(Collected data)
——————

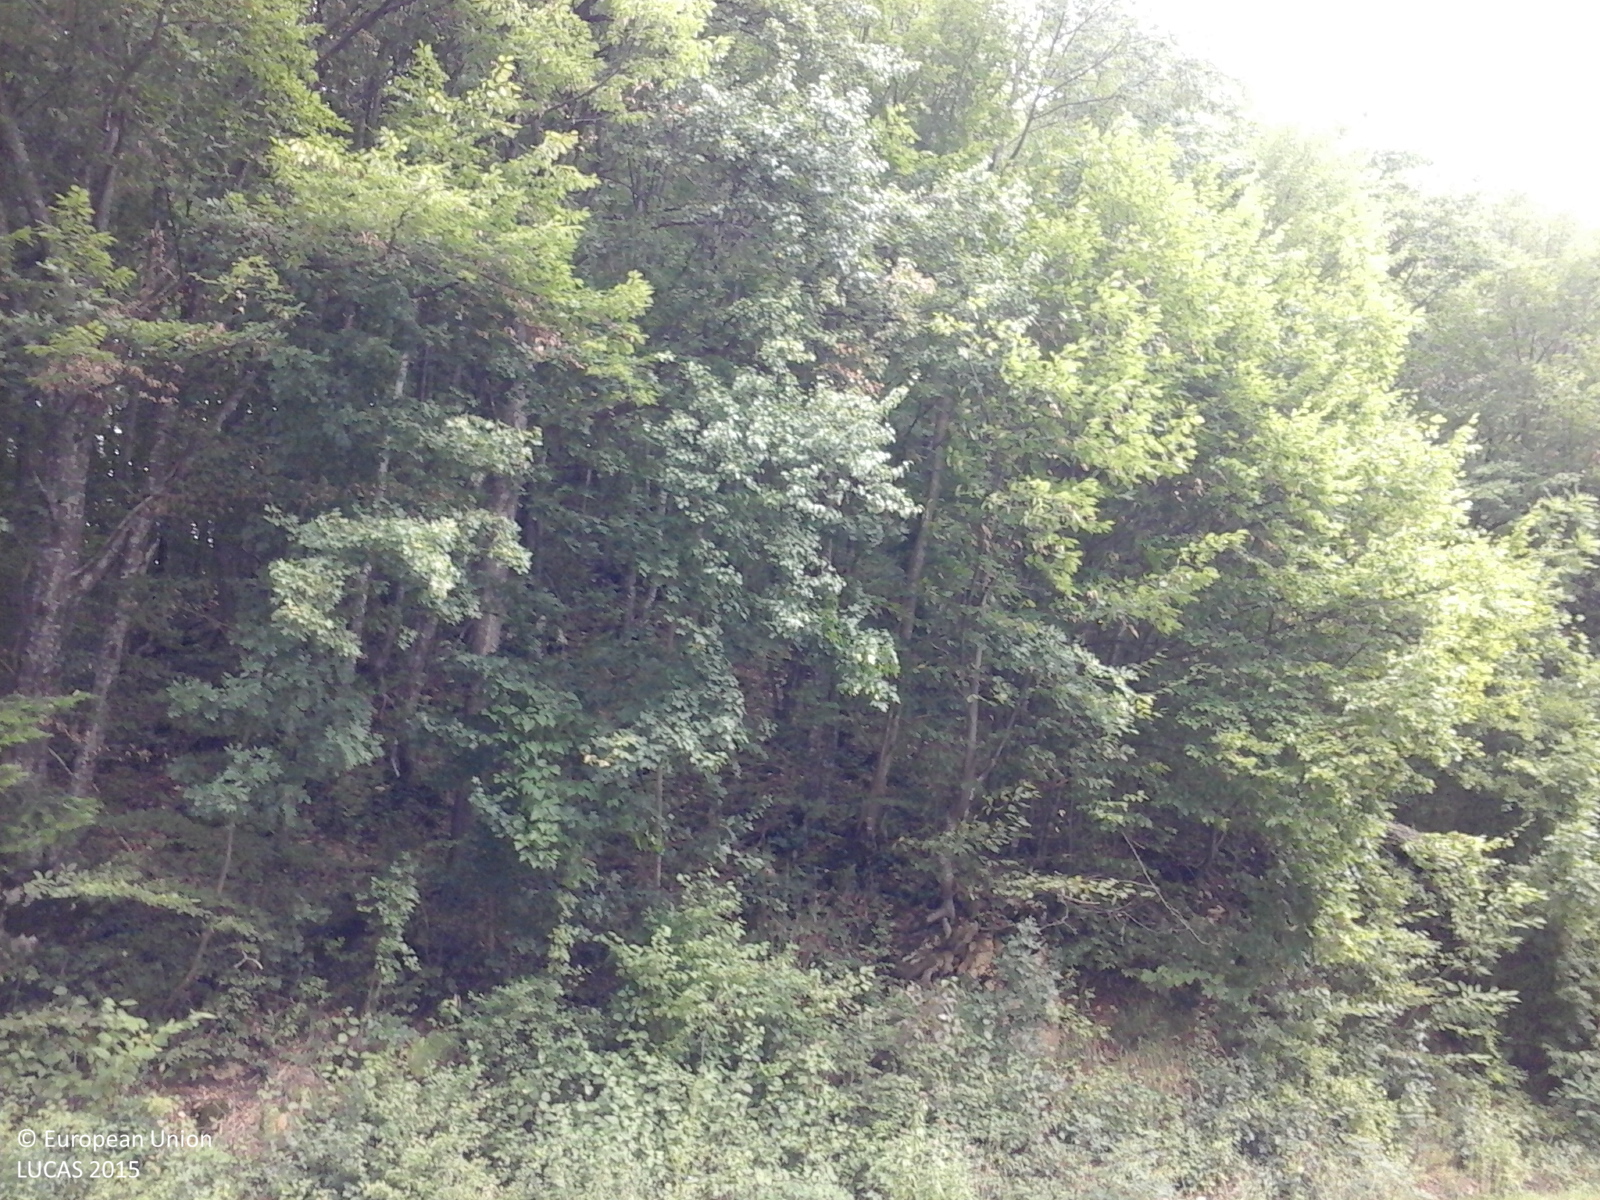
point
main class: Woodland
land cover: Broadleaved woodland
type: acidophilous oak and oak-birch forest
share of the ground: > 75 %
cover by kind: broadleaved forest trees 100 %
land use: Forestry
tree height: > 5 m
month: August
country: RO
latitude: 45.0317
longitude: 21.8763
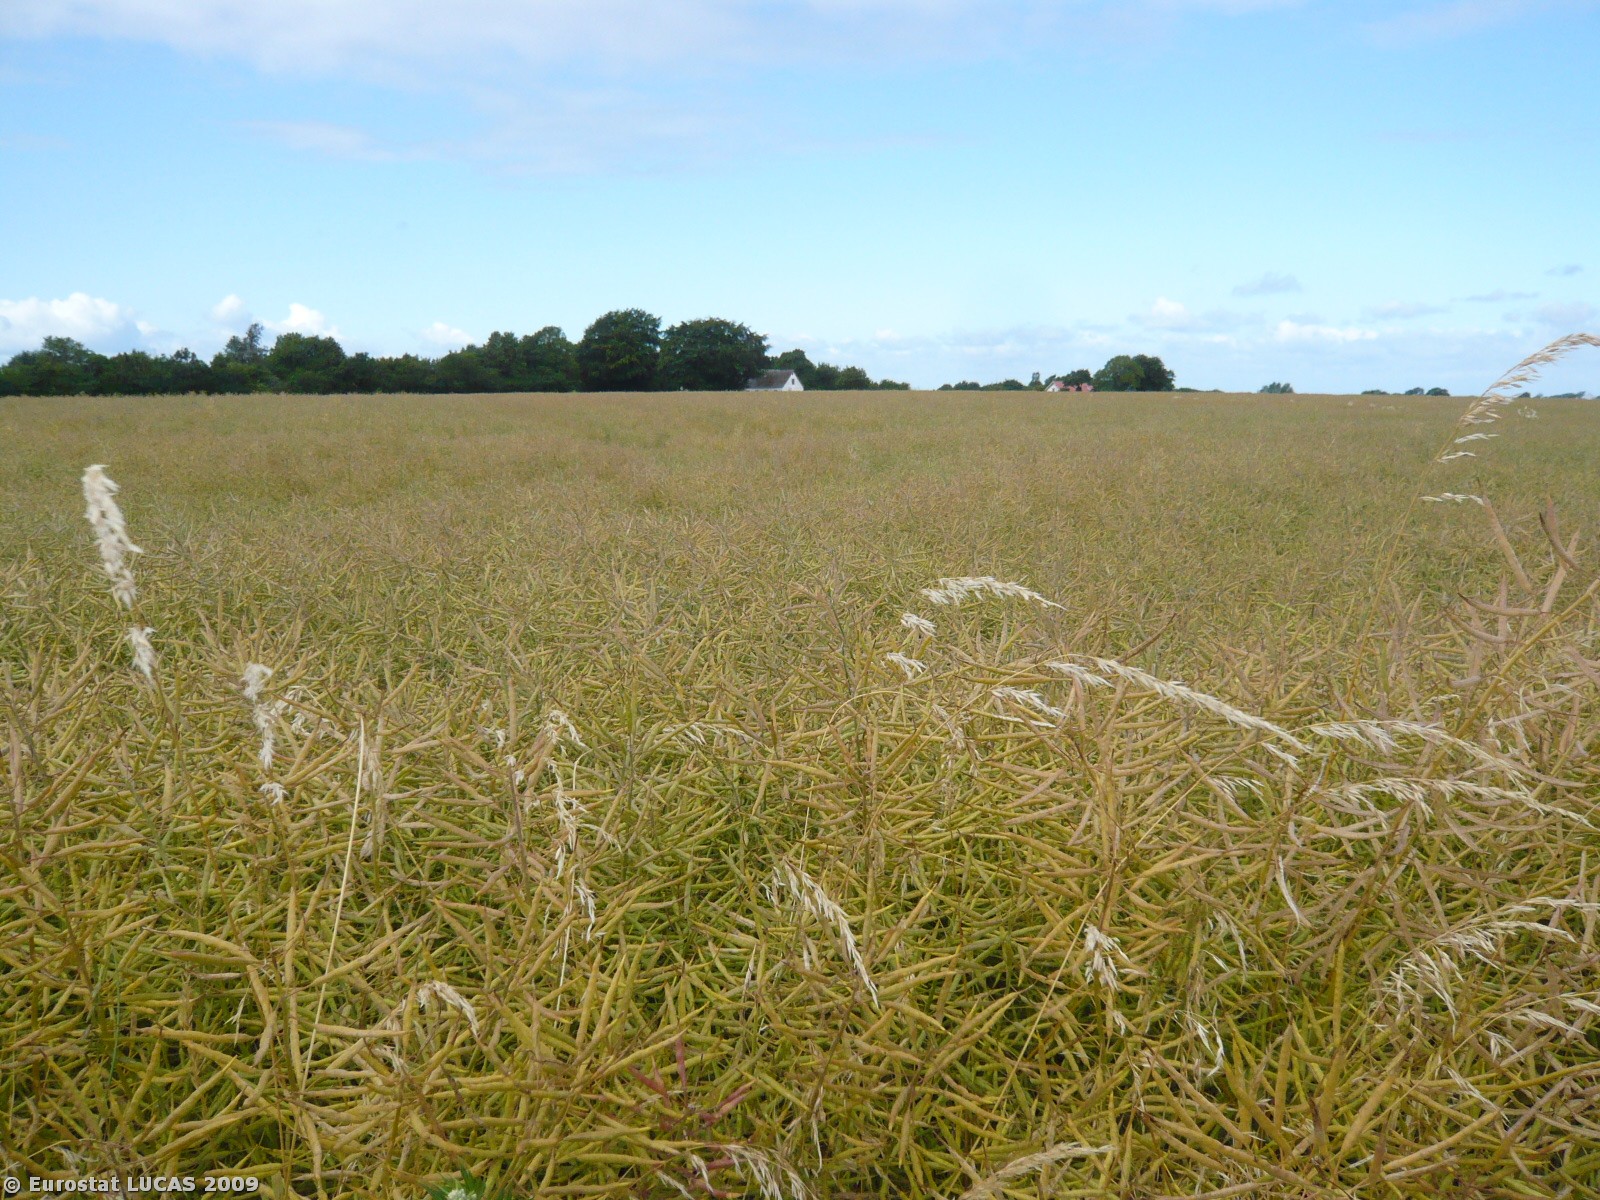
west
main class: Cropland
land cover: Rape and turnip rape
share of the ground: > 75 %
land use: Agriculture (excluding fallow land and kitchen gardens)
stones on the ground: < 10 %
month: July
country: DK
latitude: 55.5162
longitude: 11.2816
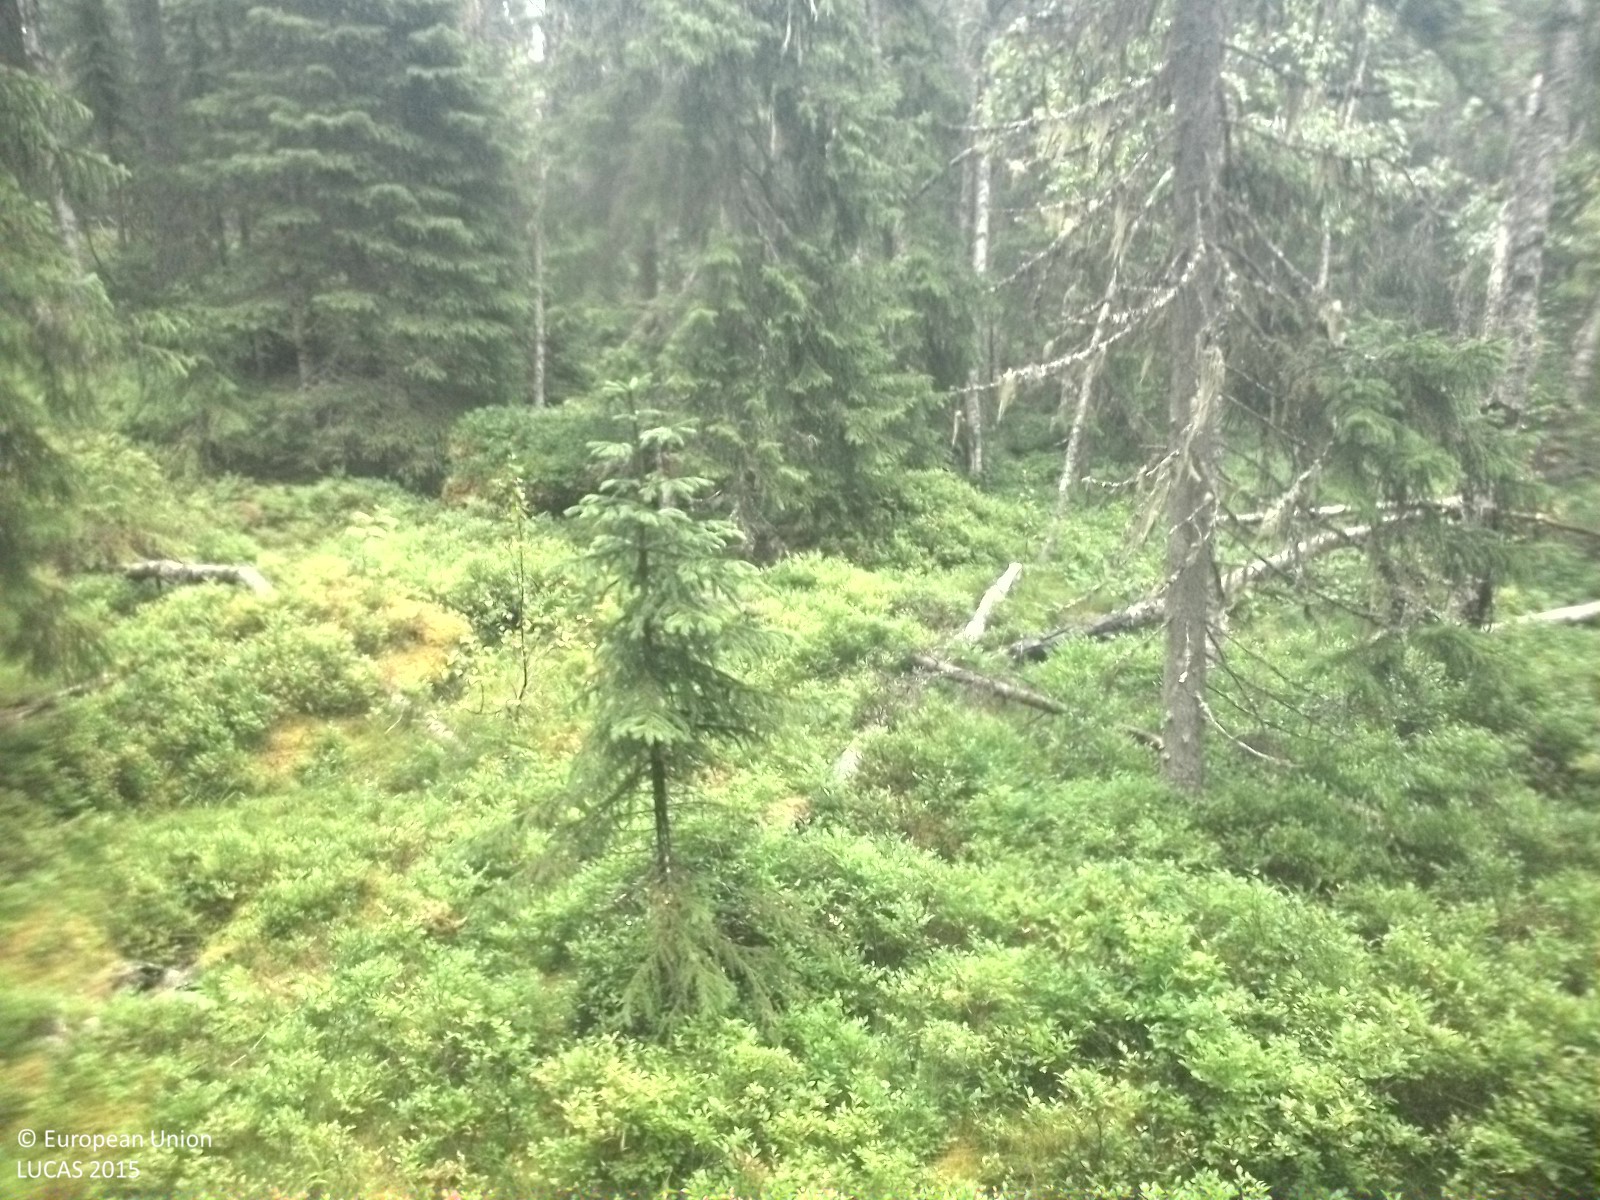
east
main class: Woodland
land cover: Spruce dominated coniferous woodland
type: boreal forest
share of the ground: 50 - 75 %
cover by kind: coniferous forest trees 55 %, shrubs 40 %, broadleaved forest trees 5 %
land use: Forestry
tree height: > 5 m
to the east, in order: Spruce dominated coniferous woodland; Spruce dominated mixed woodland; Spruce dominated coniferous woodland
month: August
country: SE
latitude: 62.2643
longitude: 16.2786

——————

◆ **EXERCISE INSTRUCTIONS**
Omit each image and transcribe the remaining records word for word.

◆ **ANSWER TO THIS TASK**
point
main class: Woodland
land cover: Broadleaved woodland
type: acidophilous oak and oak-birch forest
share of the ground: > 75 %
cover by kind: broadleaved forest trees 100 %
land use: Forestry
tree height: > 5 m
month: August
country: RO
latitude: 45.0317
longitude: 21.8763
west
main class: Cropland
land cover: Rape and turnip rape
share of the ground: > 75 %
land use: Agriculture (excluding fallow land and kitchen gardens)
stones on the ground: < 10 %
month: July
country: DK
latitude: 55.5162
longitude: 11.2816
east
main class: Woodland
land cover: Spruce dominated coniferous woodland
type: boreal forest
share of the ground: 50 - 75 %
cover by kind: coniferous forest trees 55 %, shrubs 40 %, broadleaved forest trees 5 %
land use: Forestry
tree height: > 5 m
to the east, in order: Spruce dominated coniferous woodland; Spruce dominated mixed woodland; Spruce dominated coniferous woodland
month: August
country: SE
latitude: 62.2643
longitude: 16.2786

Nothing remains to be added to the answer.